Good bye’s have started. Good bye’s have always been my weakness. In middle of rubble I say goodbye to one of the boys I have become closer to. I make my way back through the rubble, meandering around broken stone and concrete in front of me. Once it was a house, not it is remains knocked down on the street in front of me. My feet crawl through the structure in new ways.

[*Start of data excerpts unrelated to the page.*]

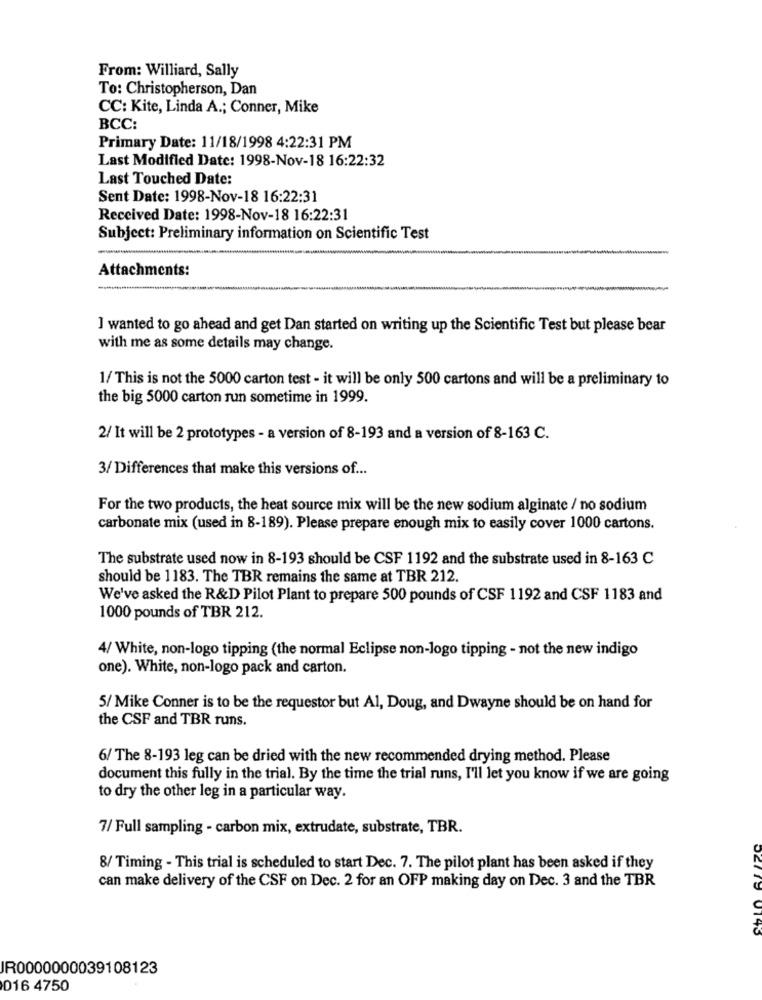
From: Williard, Sally
To: Christopherson, Dan
CC: Kite, Linda A .; Conner, Mike
BCC:
Primary Date: 11/18/1998 4:22:31 PM
Last Modified Date: 1998-Nov-18 16:22:32
Last Touched Date:
Sent Date: 1998-Nov-18 16:22:31
Received Date: 1998-Nov-18 16:22:31
Subject: Preliminary information on Scientific Test
Attachments:
I wanted to go ahead and get Dan started on writing up the Scientific Test but please bear
with me as some details may change.
1/ This is not the 5000 carton test - it will be only 500 cartons and will be a preliminary to
the big 5000 carton run sometime in 1999.
2/ It will be 2 prototypes - a version of 8-193 and a version of 8-163 C.
3/ Differences that make this versions of ...
For the two products, the heat source mix will be the new sodium alginate / no sodium
carbonate mix (used in 8-189). Please prepare enough mix to easily cover 1000 cartons.
The substrate used now in 8-193 should be CSF 1192 and the substrate used in 8-163 C
should be 1183. The TBR remains the same at TBR 212.
We've asked the R&D Pilot Plant to prepare 500 pounds of CSF 1192 and CSF 1183 and
1000 pounds of TBR 212.
4/ White, non-logo tipping (the normal Eclipse non-logo tipping - not the new indigo
one). White, non-logo pack and carton.
5/ Mike Conner is to be the requestor but Al, Doug, and Dwayne should be on hand for
the CSF and TBR runs.
6/ The 8-193 leg can be dried with the new recommended drying method. Please
document this fully in the trial. By the time the trial runs, I'll let you know if we are going
to dry the other leg in a particular way.
7/ Full sampling - carbon mix, extrudate, substrate, TBR.
8/ Timing - This trial is scheduled to start Dec. 7. The pilot plant has been asked if they
can make delivery of the CSF on Dec. 2 for an OFP making day on Dec. 3 and the TBR
0145
IR0000000039108123
016 4750
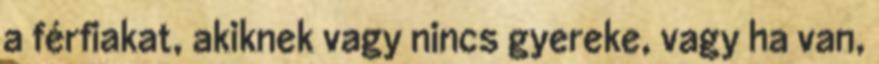
a férfiakat, akiknek vagy nincs gyereke, vagy ha van,
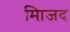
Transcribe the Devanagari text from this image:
मािजद
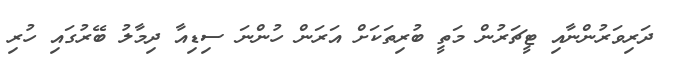
ދަރިވަރުންނާއި ޓީޗަރުން މަތީ ބުރިތަކަށް އަރަން ހުންނަ ސިޑިއާ ދިމާލު ބޭރުގައި ހުރި
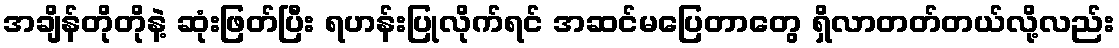
အချိန်တိုတိုနဲ့ ဆုံးဖြတ်ပြီး ရဟန်းပြုလိုက်ရင် အဆင်မပြေတာတွေ ရှိလာတတ်တယ်လို့လည်း
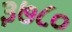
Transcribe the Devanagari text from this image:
३७८०
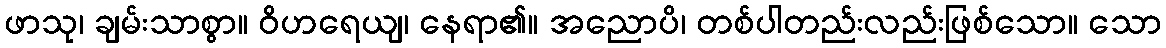
ဖာသု၊ ချမ်းသာစွာ။ ဝိဟရေယျ၊ နေရာ၏။ အညောပိ၊ တစ်ပါတည်းလည်းဖြစ်သော။ သော
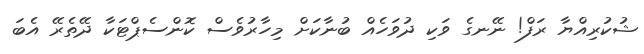
ޝުކުރިއްޔާ ރަފް! ނޭނގެ ވަކި ދުވަހެއް ބުނާކަށް މިހާރުވެސް ކޮންސެޕްޓަކާ ދޭތެރޭ އެބަ
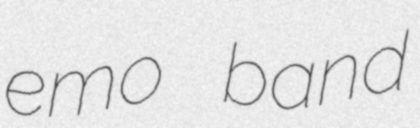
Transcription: emo band
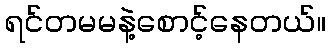
ရင်တမမနဲ့စောင့်နေတယ်။
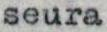
seura
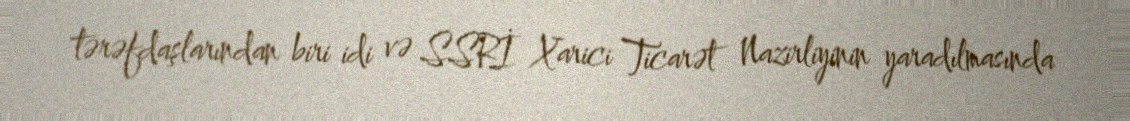
tərəfdaşlarından biri idi və SSRİ Xarici Ticarət Nazirliyinin yaradılmasında
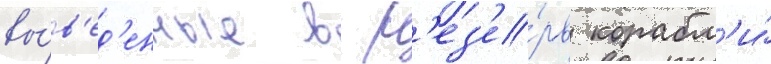
вы́в'ед'енные в р'ез'е́рв корабл'и́
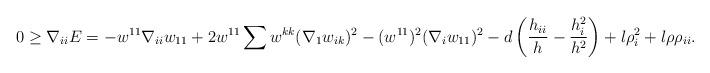
LaTeX: \begin{align*}0\geq \nabla_{ii}E&=-w^{11}\nabla_{ii}w_{11}+2w^{11}\sum w^{kk}(\nabla_{1}w_{ik})^{2}-(w^{11})^{2}(\nabla_{i}w_{11})^{2}-d\left(\frac{h_{ii}}{h}-\frac{h^{2}_{i}}{h^{2}}\right)+l\rho^{2}_{i}+l\rho \rho_{ii}.\end{align*}
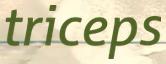
triceps
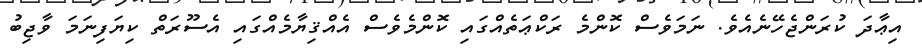
އިޢާދަ ކުރަންޖެހޭނެއެވެ. ނަމަވެސް ކޮންމެ ރަކްޢަތެއްގައި ކޮންމެވެސް އެއްޤިޔާމެއްގައި އެސޫރަތް ކިޔަފިނަމަ ވާޖިބު
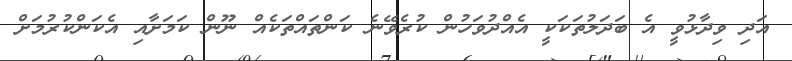
އަދި ވިދާޅުވީ އެ ބަދަލުތަކަކީ އެއްދުވަހުން ކުރެވޭނެ ކަންތައްތަކެއް ނޫން ކަމަށާއި އެކަންކުރުމަށް

I come back I sit in the court yard. Alone. Staring up at the sky. I try not to let tears roll down. The boys walk past me and stop and glance. They know I am hurting. I see concern in their faces. I smile. Throughout all my clarity in Haiti, I have had sporadic moments of further clarity and vision. I cry. I smile. I have become what to someone is a miracle. To me being there in that moment has also become a miracle.

Dancing in Marigo

We go back to Marigo on a tap-tap to see the girls’ dancing class again. I’m shown around the beach. It’s a developing area. There are some sellers and small canoe sized boats. My feet are burning in the sun. We walk over rocky beaches. I snap a few shots. We drink a grape soda. We go to the dance class. They bring heels and decide to strut like models. They all change shoes and learn how to walk with sass. I sit back and watch, thinking this is just a intermission. It ends up lasting the whole hour. There is no dance practice.

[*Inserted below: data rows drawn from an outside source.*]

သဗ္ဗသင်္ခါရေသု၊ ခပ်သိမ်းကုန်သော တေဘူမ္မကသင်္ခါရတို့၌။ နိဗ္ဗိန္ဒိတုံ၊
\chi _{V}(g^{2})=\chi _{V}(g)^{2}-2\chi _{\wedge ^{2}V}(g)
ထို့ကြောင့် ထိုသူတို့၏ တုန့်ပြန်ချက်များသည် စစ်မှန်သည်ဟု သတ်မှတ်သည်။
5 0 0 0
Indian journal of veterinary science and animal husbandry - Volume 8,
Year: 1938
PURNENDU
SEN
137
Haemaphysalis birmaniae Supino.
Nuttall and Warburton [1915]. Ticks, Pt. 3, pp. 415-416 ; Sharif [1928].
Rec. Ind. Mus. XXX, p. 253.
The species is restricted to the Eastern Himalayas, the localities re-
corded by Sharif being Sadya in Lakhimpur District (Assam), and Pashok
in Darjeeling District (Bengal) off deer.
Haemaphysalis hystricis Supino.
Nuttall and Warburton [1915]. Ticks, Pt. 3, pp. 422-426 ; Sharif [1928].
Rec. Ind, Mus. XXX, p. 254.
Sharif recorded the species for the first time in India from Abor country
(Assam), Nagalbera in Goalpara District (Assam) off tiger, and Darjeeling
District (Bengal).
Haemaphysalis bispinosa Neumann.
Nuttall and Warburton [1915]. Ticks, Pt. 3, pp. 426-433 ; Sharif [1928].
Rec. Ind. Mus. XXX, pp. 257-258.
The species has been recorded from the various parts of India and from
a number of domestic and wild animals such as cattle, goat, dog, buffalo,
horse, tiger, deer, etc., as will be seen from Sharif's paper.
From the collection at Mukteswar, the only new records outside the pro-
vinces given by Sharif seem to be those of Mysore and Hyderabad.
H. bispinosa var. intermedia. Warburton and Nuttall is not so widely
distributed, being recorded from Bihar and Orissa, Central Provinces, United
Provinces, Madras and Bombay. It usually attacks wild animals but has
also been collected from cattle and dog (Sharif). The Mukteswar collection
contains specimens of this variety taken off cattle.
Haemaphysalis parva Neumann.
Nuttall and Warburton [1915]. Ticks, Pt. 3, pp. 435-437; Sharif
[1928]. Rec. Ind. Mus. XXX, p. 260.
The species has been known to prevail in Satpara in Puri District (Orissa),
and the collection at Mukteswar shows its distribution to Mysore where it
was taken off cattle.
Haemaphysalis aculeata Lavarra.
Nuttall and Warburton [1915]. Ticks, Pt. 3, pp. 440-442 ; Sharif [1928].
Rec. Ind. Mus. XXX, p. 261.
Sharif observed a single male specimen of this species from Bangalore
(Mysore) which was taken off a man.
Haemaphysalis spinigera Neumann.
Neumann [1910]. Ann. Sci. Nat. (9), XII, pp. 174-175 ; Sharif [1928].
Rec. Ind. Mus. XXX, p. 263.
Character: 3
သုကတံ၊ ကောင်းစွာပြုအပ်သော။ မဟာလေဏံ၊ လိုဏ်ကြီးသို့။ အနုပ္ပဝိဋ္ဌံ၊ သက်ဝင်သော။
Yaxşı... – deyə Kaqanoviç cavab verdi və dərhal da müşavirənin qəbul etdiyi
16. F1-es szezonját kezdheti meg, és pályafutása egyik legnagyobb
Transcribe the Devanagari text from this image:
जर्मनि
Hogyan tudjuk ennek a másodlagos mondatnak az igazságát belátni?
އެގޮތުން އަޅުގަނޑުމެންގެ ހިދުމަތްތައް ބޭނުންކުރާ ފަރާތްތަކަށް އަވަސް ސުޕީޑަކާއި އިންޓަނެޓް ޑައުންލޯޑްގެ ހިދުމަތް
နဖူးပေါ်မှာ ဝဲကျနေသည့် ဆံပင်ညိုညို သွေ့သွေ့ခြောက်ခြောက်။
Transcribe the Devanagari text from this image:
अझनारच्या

Last time we went to Marigo for dance practice it rained. We stood under a tree with the djeme drum and my camera. The rain got worse and we say no tap-taps coming going back to our town. The girls from the class had changed and arrived back on the street. We all hid in small store. We didn’t get tap-tap back for an hour. It continued to rain. People hopped on the back of the taptap and hopped off without proper stopping. We sat on each other’s laps. We hopped off and took a motorcycle back through the rain to the home. No jackets or umbrellas. I don’ t remember seeing many umbrellas ever. And it rained almost every one to two nights during hurricane season. Sometimes puddles would collect. The drum still lasted and was used again at dance practice.

Die with dignity

In Jacmel there is a Mother Teresa camp. While visiting the PortauPrince Mother Teresa I was told of a sisters home. I finally am able to visit them during visitation hours the following day. We have passed by here before, it is right across from the doctors without borders hospital. We walk up and through to the back. A Indian sister Nun comes up to us. She is happy to see us, I tell her I’m from Texas and originally from Pakistan. She introduces me to the other ladies. They all are nurses and caretakers. They have a room for mentally challenged adults. Another for babies sick or malnourished, where they care for them temporarily. The last is a home for mentally challenged and sick elders who have mainly been abandoned and have nowhere to go. The mood doesn’t ring bells of hospice environment to me.
I continue to talk to her after. She tells me she’s always wanted to go to Pakistan, they have homes there too. She has been serving for fifteen years and has travelled all over to South America, a few other places and now the Caribbean. She speaks many languages.

She speaks about the earthquake. One of their buildings in the front has been destroyed. And so has the home where the sisters live. They want to build something sustainable and study she tells me. They have been there for 20 something years. They are living in a huge tent. She talks about the earthquake. She says how many people died on the street. She says how they dug graves and buried so many. She says at least here they die with dignity, the elders. I am enchanted. She says everyone should at least die with dignity.

I’m not the typical foreign volunteer. I have a feeling she will remember me.